[Recorded data]
------------------------------------------------------------------------

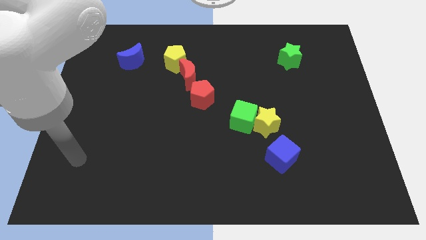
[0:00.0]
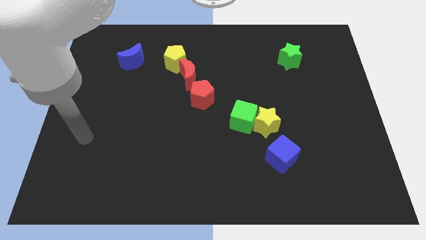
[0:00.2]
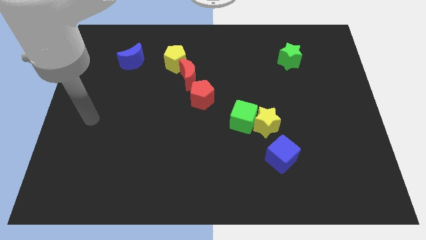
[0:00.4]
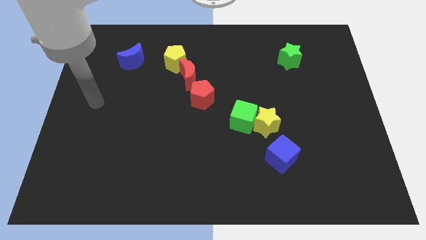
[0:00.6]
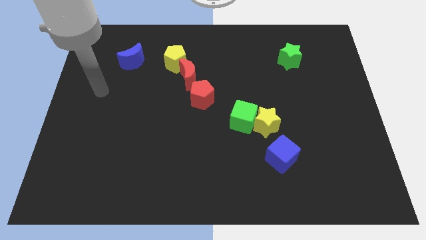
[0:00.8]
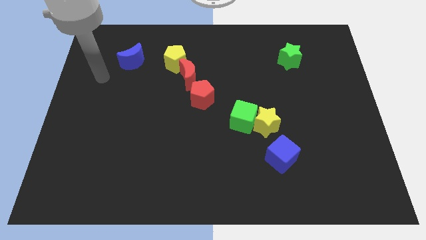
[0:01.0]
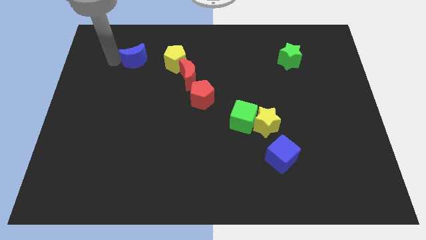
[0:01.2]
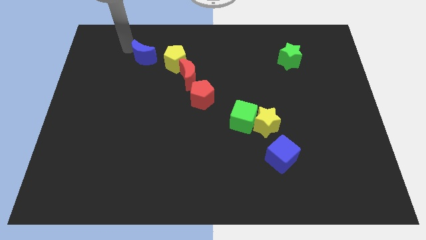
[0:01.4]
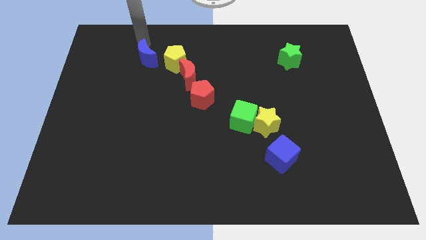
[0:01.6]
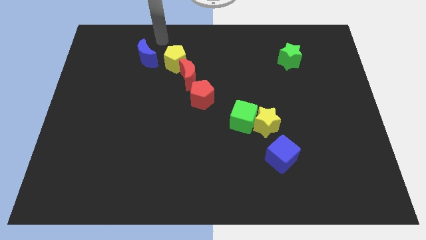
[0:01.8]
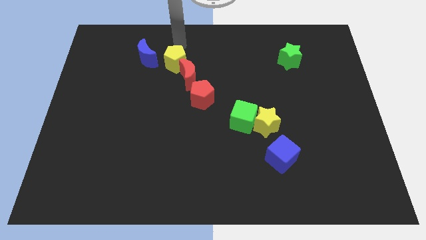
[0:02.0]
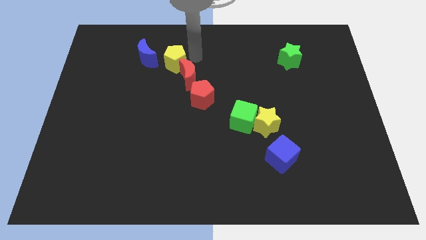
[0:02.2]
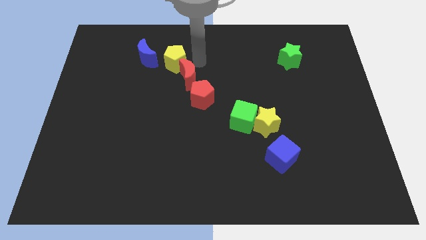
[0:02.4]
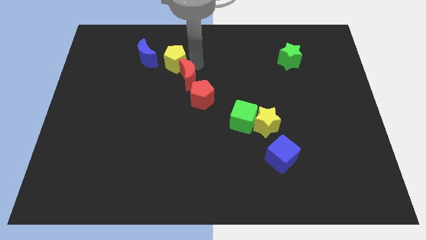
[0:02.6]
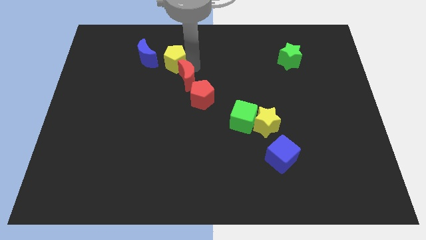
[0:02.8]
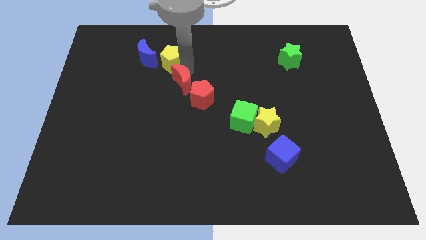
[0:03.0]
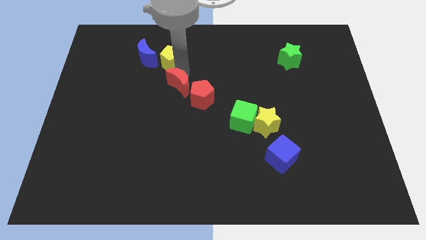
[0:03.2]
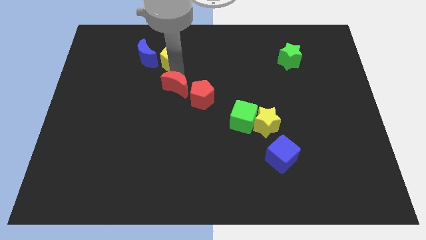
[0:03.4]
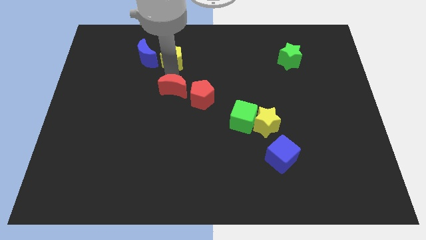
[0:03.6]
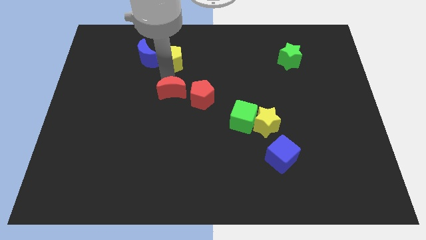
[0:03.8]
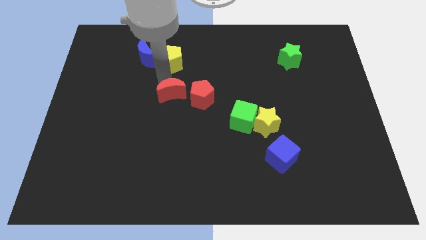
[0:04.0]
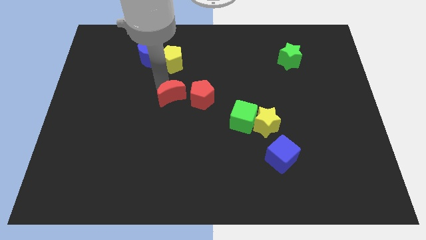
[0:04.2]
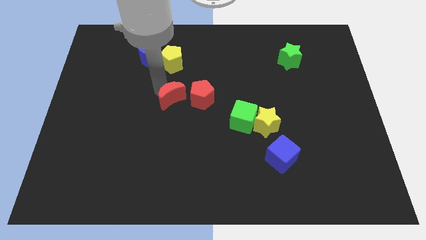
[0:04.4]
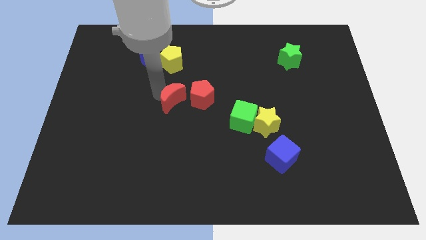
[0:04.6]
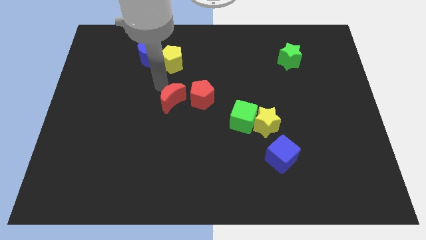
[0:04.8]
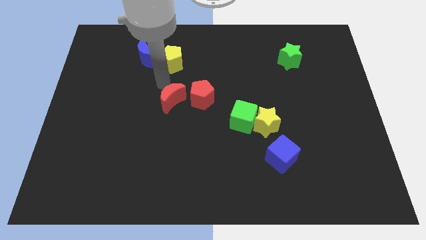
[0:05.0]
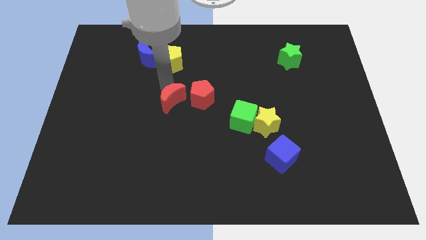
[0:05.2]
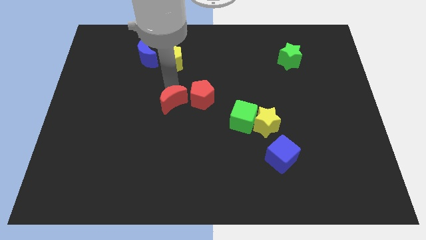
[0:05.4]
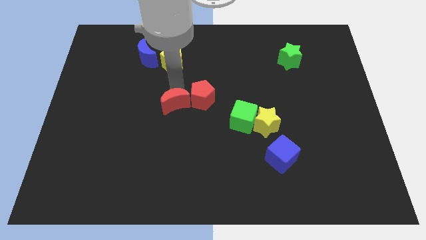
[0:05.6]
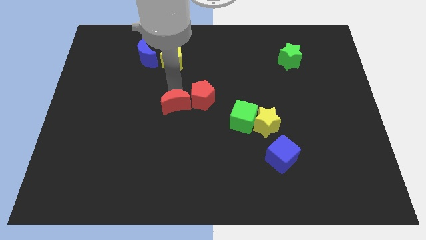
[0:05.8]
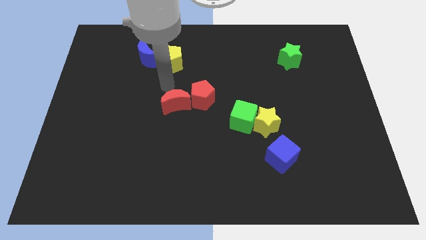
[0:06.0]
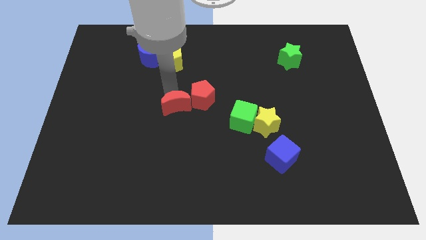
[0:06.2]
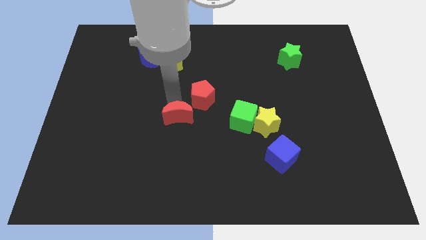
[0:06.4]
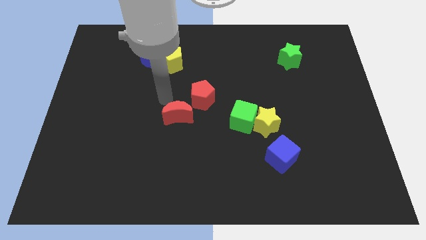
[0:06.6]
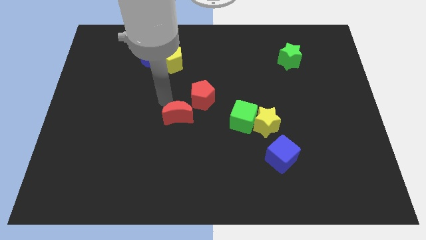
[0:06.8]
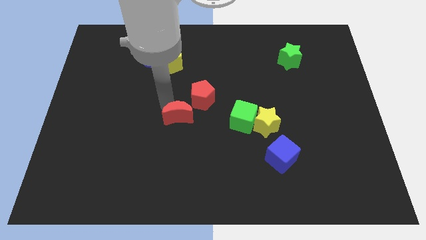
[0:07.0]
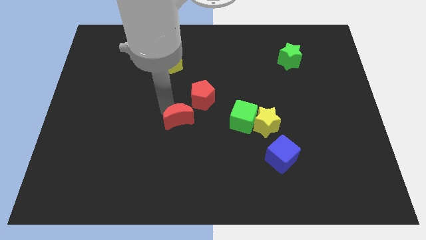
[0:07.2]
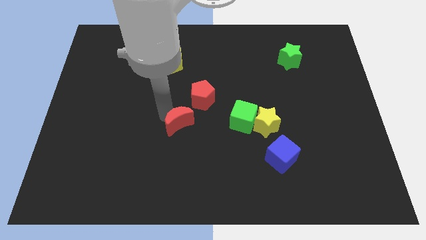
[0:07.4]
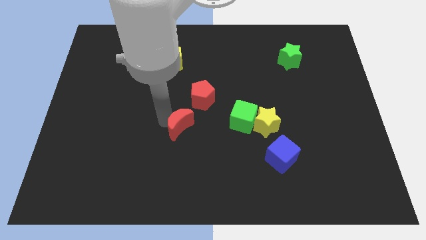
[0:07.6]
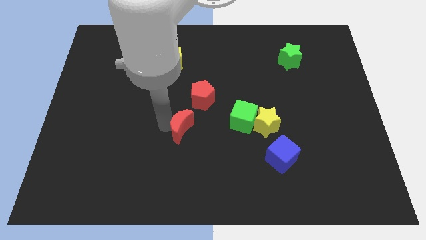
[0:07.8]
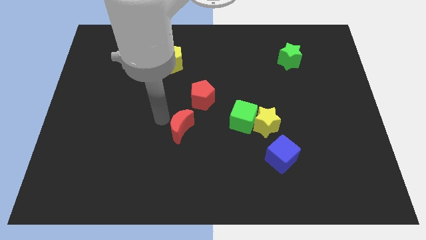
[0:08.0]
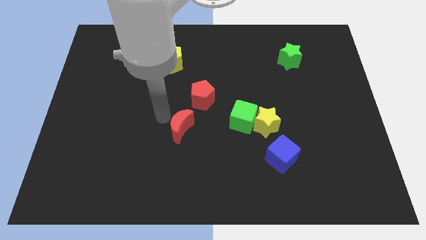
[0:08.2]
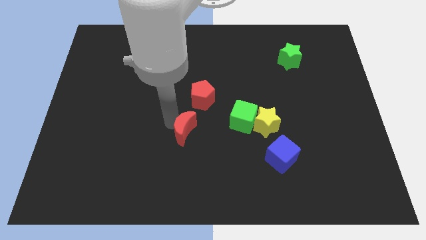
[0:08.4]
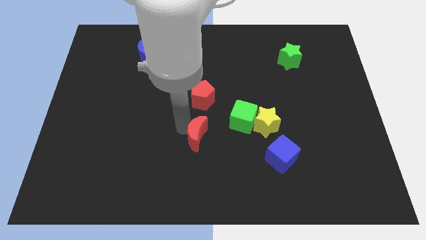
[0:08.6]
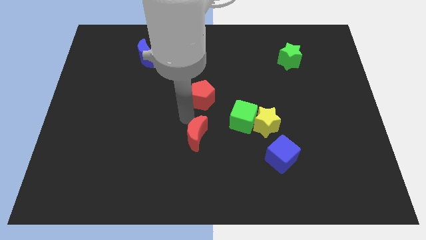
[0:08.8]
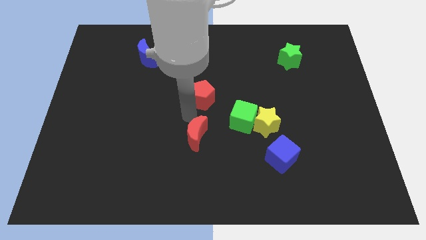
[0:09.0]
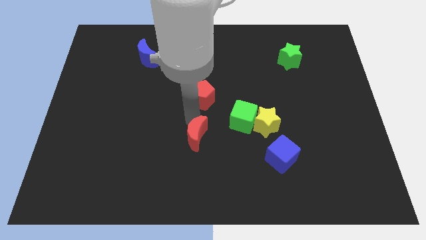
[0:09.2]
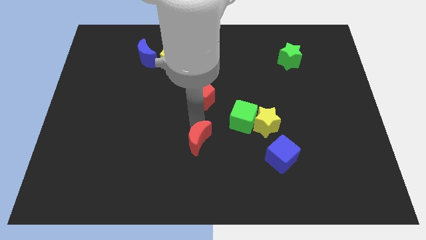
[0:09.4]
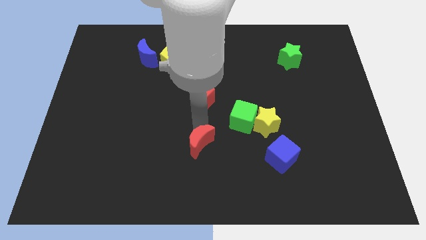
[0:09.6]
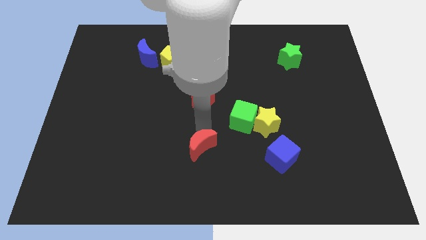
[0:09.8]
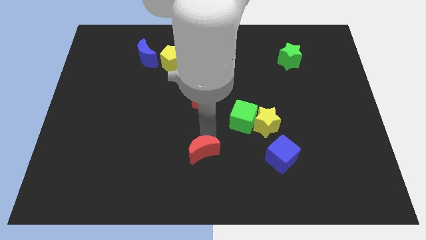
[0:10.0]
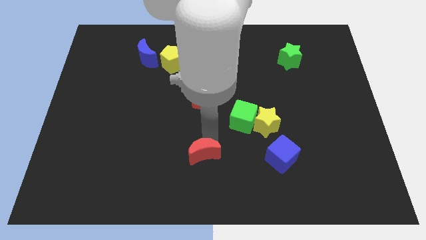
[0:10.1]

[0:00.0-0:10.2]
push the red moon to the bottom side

------------------------------------------------------------------------

Restate the records above word for word. Skip every picture.

*Result*
[0:00.0]
[0:00.2]
[0:00.4]
[0:00.6]
[0:00.8]
[0:01.0]
[0:01.2]
[0:01.4]
[0:01.6]
[0:01.8]
[0:02.0]
[0:02.2]
[0:02.4]
[0:02.6]
[0:02.8]
[0:03.0]
[0:03.2]
[0:03.4]
[0:03.6]
[0:03.8]
[0:04.0]
[0:04.2]
[0:04.4]
[0:04.6]
[0:04.8]
[0:05.0]
[0:05.2]
[0:05.4]
[0:05.6]
[0:05.8]
[0:06.0]
[0:06.2]
[0:06.4]
[0:06.6]
[0:06.8]
[0:07.0]
[0:07.2]
[0:07.4]
[0:07.6]
[0:07.8]
[0:08.0]
[0:08.2]
[0:08.4]
[0:08.6]
[0:08.8]
[0:09.0]
[0:09.2]
[0:09.4]
[0:09.6]
[0:09.8]
[0:10.0]
[0:10.1]

[0:00.0-0:10.2]
push the red moon to the bottom side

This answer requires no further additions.